Question:- The sides of a triangle are in G.P. and it's largest angle is twice the smallest one. Prove that the common ratio of the G.P. lies in the interval $(1,\sqrt{2})$
Attempt at a solution:-
First of all, I calculated the range of the values of the common ratio $r$ of the G.P. by solving the following three inequalities simultaneously:-
$$ar^2+ar\gt a \\$$ $$ar^2+a \gt ar \\$$ $$a+ar\gt ar^2 \\$$
The range of the common ratio comes out to be $$r \in \left[ \dfrac{-1+\sqrt{5}}{2},\dfrac{1+\sqrt{5}}{2} \right]$$
And as stated in the question $\angle A= \angle B$
So, by using the sine rule, $$\dfrac{ar^2}{sin2B}=\dfrac{ar}{sin3B}=\dfrac{a}{sinB}$$
And, also taking the help of the cosine law, I arrived at $$\cos^2B(4r)-2\cos B-r=0$$ Then, as $D \ge 0$ for the solutions of $\cos B$ to be real. We get the codition $4+16r^2 \gt 0$, which is always true. So, I tried bounding the roots of the quadratic of $\cos B$.
Getting Stuck:-
I think that's where I am getting stuck, or if you could provide me with any other path for arriving at the, solution.

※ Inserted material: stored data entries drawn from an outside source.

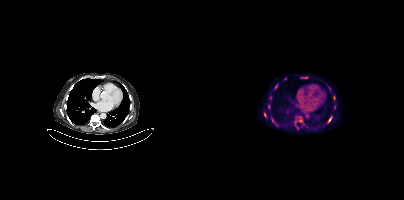
Coordinates are on the 200×200 PET (right) panel. (showing 9 of 12 foci) PSMA-avid tumor lesion bounding boxes (x, y, width, height): x=124 y=116 w=5 h=7; x=71 y=84 w=3 h=5; x=129 y=96 w=3 h=5. Small PSMA-avid foci (2 to 4 px across) near (center x, center y): (60, 114); (96, 120); (66, 96); (68, 120); (125, 88); (130, 106). Two-panel axial: CT | PSMA PET, 18F-PSMA tracer.
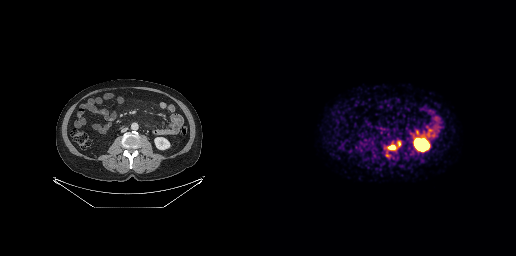
Findings: Coordinates are on the 256×256 PET (right) panel. PSMA-avid tumor lesion bounding box (x, y, width, height): x=129 y=146 w=6 h=4.
- Two-panel axial: CT | PSMA PET, 68Ga-PSMA tracer
- PET panel 256×256 px (2.7 mm/px)
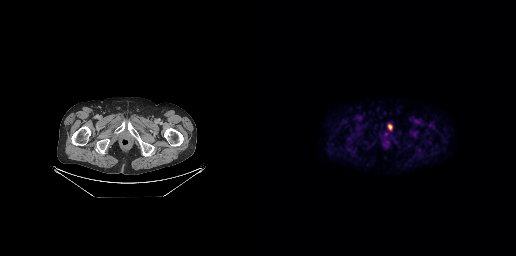
Technique: Paired axial CT (left) and PSMA PET (right), [18F]PSMA-1007 tracer. PET panel 256×256 px (2.7 mm/px).
Findings: Coordinates are on the 256×256 PET (right) panel. PSMA-avid tumor lesion bounding box (x, y, width, height): x=128 y=124 w=5 h=6.
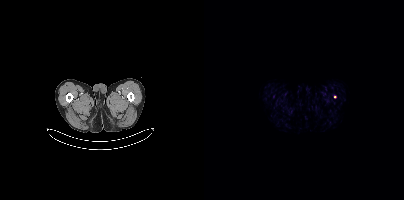
{"modality":"PSMA PET/CT","view":"axial","tracer":"18F-PSMA","pet_grid":[200,200],"coord_frame":"pet_panel","coord_format":"x0,y0,x1,y1","lesion_bboxes":[],"small_foci_centers":[[130,96]]}
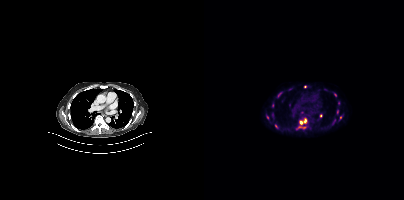
Findings: Coordinates are on the 200×200 PET (right) panel. (showing 13 of 14 foci) PSMA-avid tumor lesion bounding boxes (x0,y0,x1,y1): [95,118,102,124] [95,126,101,129] [74,92,77,97] [128,119,131,124]. Small PSMA-avid foci (2 to 4 px across) near (center x, center y): (131, 94) (133, 111) (72, 126) (101, 86) (68, 105) (63, 117) (136, 117) (134, 102) (116, 115).
- Left: CT. Right: PSMA PET, same axial level, 18F-PSMA tracer
- acquired on Siemens Biograph mCT Flow 20
- slice 282 of 413
- PET panel 200×200 px (4.1 mm/px)
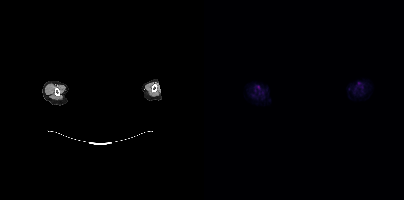
Two-panel axial: CT | PSMA PET, [18F]PSMA-1007 tracer. A rectangle over the head was blacked out to remove identifiable facial features. No PSMA-avid tumor lesions on this slice.
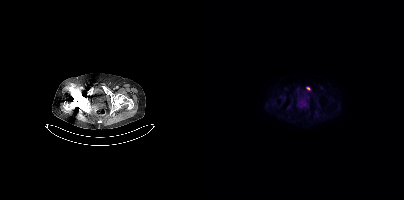
- Left: CT. Right: PSMA PET, same axial level, [18F]PSMA-1007 tracer
- slice 76 of 421
Findings: Coordinates are on the 200×200 PET (right) panel. PSMA-avid tumor lesion bounding box (x0, y0)-(x1, y1): (102, 87)-(106, 90).
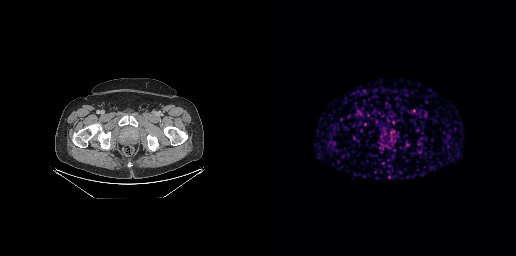
Technique: Two-panel axial: CT | PSMA PET, [68Ga]Ga-PSMA-11 tracer. acquired on GE Discovery 690. slice 77 of 299. PET panel 256×256 px (2.7 mm/px).
Findings: This slice has no annotated PSMA-avid lesion.
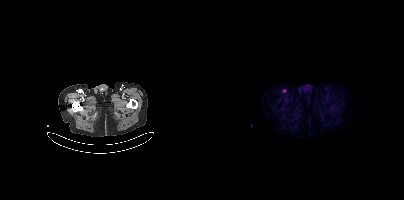
- Paired axial CT (left) and PSMA PET (right), 18F-PSMA tracer
- slice position z = -1592 mm
- PET panel 200×200 px (4.1 mm/px)
Findings: Coordinates are on the 200×200 PET (right) panel. Small PSMA-avid focus (2 to 4 px across) near (center x, center y): (80, 90).
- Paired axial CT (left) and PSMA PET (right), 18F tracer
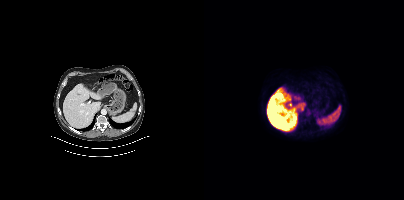
Findings: Negative for PSMA-avid disease on this slice.

Now, as you said, $ar^2$ is opposite a bigger angle than $a$, so: $$ar^2 > a \implies r^2 > 1 \implies r > 1$$
Note that since the triangle has the angle $2B$, we know that $2B < 180^\circ$, or that $B < 90^\circ$, so $0 < \cos B < 1$.
By Law of Sines, we have: $$\frac{ar^2}{\sin 2B}=\frac{a}{\sin B}$$ Divide both sides by $a$: $$\frac{r^2}{\sin 2B}=\frac{1}{\sin B}$$ Take cross-product: $$r^2\sin B=\sin 2B$$ Use the double-angle identity: $$r^2\sin B=2\sin B\cos B$$ Divide both sides by $2\sin B$: $$\frac{r^2}{2}=\cos B$$ We can combine this with $0 < \cos B < 1$. What do we get from this inequality?
I'll let you take it from here. Good luck!